In [13]:
import numpy as np
import pandas as pd
import re
from sklearn.model_selection import train_test_split
from sklearn.feature_extraction.text import TfidfVectorizer
from sklearn.metrics.pairwise import cosine_similarity
from sklearn.metrics import mean_squared_error
from sklearn.metrics.pairwise import pairwise_distances
from math import sqrt
import warnings

warnings.filterwarnings("ignore", message="Mean of empty slice")

class DataLoader:
    def __init__(self, file_path):
        self.file_path = file_path

    def load_data(self):
        ratings_df = pd.read_csv(self.file_path)
        return ratings_df

class DataPreprocessor:
    def __init__(self, ratings_df, movies_df, n):
        self.ratings_df = ratings_df
        self.movies_df = movies_df
        self.n = n

    def preprocess(self):
        ratings_df_sample = self.ratings_df[:self.n]
        self.n_users = len(ratings_df_sample['userId'].unique())
        self.n_movies = len(ratings_df_sample['movieId'].unique())
        movie_ids = ratings_df_sample['movieId'].unique()
        self.movies_df = self.movies_df[self.movies_df['movieId'].isin(movie_ids)]

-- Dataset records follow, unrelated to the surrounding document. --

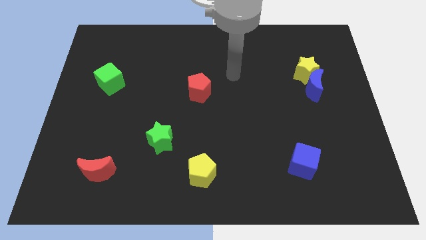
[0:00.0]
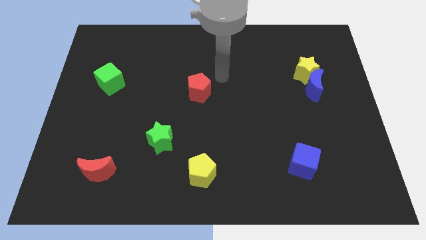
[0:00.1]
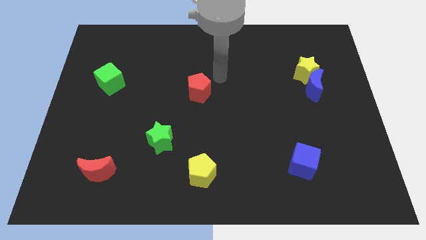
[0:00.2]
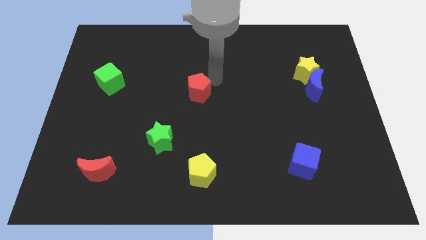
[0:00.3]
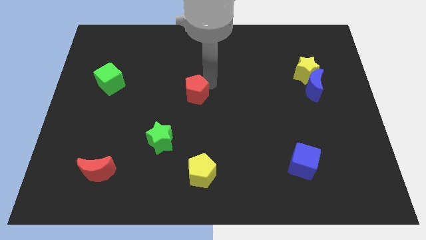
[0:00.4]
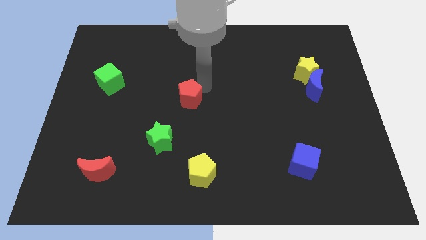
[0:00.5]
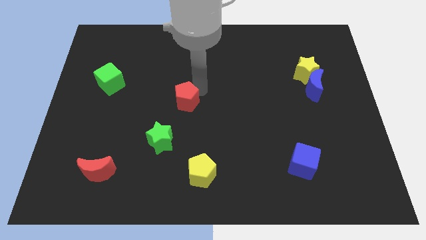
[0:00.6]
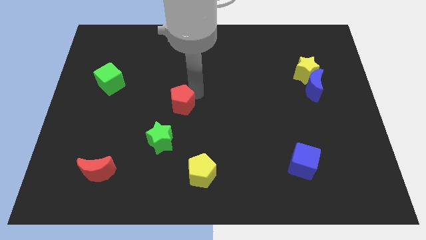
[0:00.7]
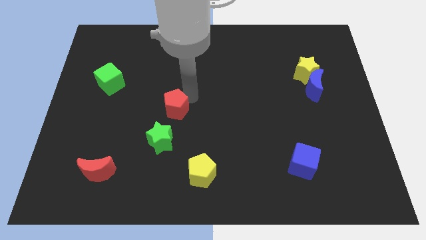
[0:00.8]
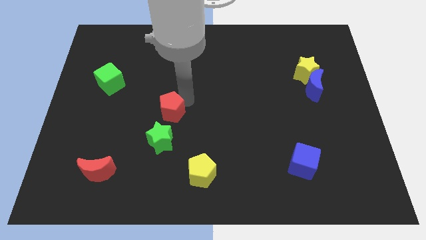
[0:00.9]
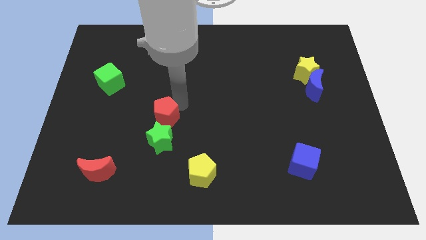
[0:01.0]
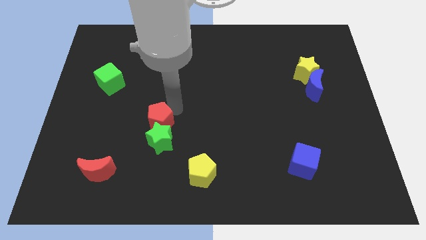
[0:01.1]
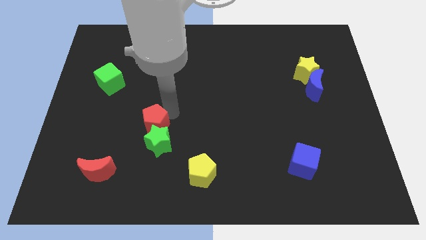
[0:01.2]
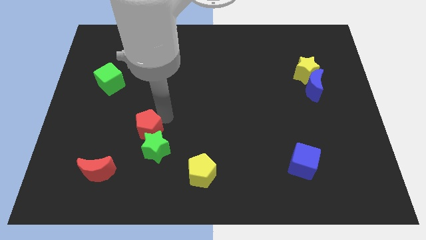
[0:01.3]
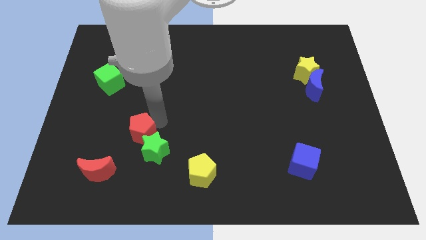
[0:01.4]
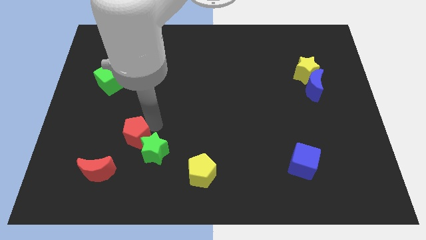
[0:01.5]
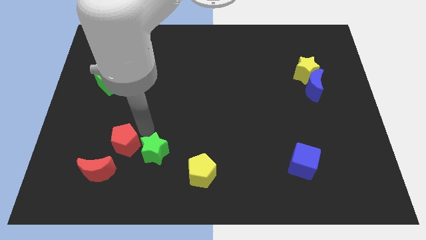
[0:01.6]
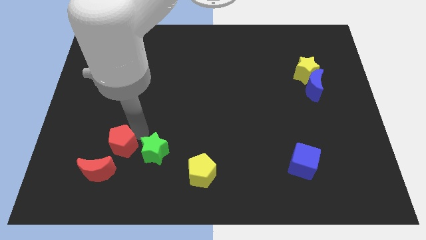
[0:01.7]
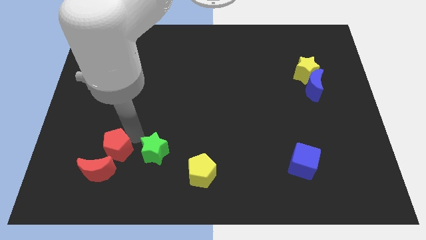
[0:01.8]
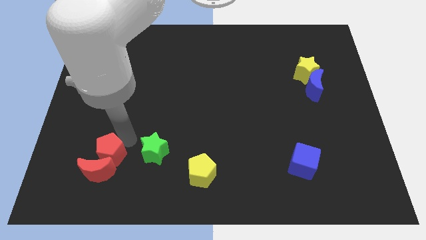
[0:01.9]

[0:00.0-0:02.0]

        def scale_movie_id(movie_id):
            scaled = np.where(movie_ids == movie_id)[0][0] + 1
            return scaled

        def clean_title(x):
            x = x.split(" (")[0]  
            x = re.sub("[^a-zA-Z0-9 ]", "", x)  
            x = x.strip()
            return x

        ratings_df_sample.loc[:, 'movieId'] = ratings_df_sample['movieId'].apply(scale_movie_id)
        movie_ids =  self.movies_df['movieId'].unique()
        self.movies_df.loc[:, 'movieId'] = self.movies_df['movieId'].apply(scale_movie_id)
        self.movies_df.loc[:, 'title'] = self.movies_df['title'].apply(clean_title)
        vectorizer = TfidfVectorizer(ngram_range=(1, 2))
        tfidf_matrix = vectorizer.fit_transform(self.movies_df['title'])
        train_data, test_data = train_test_split(ratings_df_sample, test_size=0.2)
        return train_data, test_data, self.movies_df, tfidf_matrix, vectorizer, self.n_users, self.n_movies

class RecommenderModel:
    def __init__(self, n_users, n_movies, movies_df, tfidf_matrix, vectorizer):
        self.n_users = n_users
        self.n_movies = n_movies
        self.movies_df = movies_df
        self.tfidf_matrix = tfidf_matrix
        self.vectorizer = vectorizer

    def train(self, train_data):
        self.train_data_matrix = np.zeros((self.n_users, self.n_movies))
        for line in train_data.itertuples():
            self.train_data_matrix[line[1] - 1, line[2] - 1] = line[3]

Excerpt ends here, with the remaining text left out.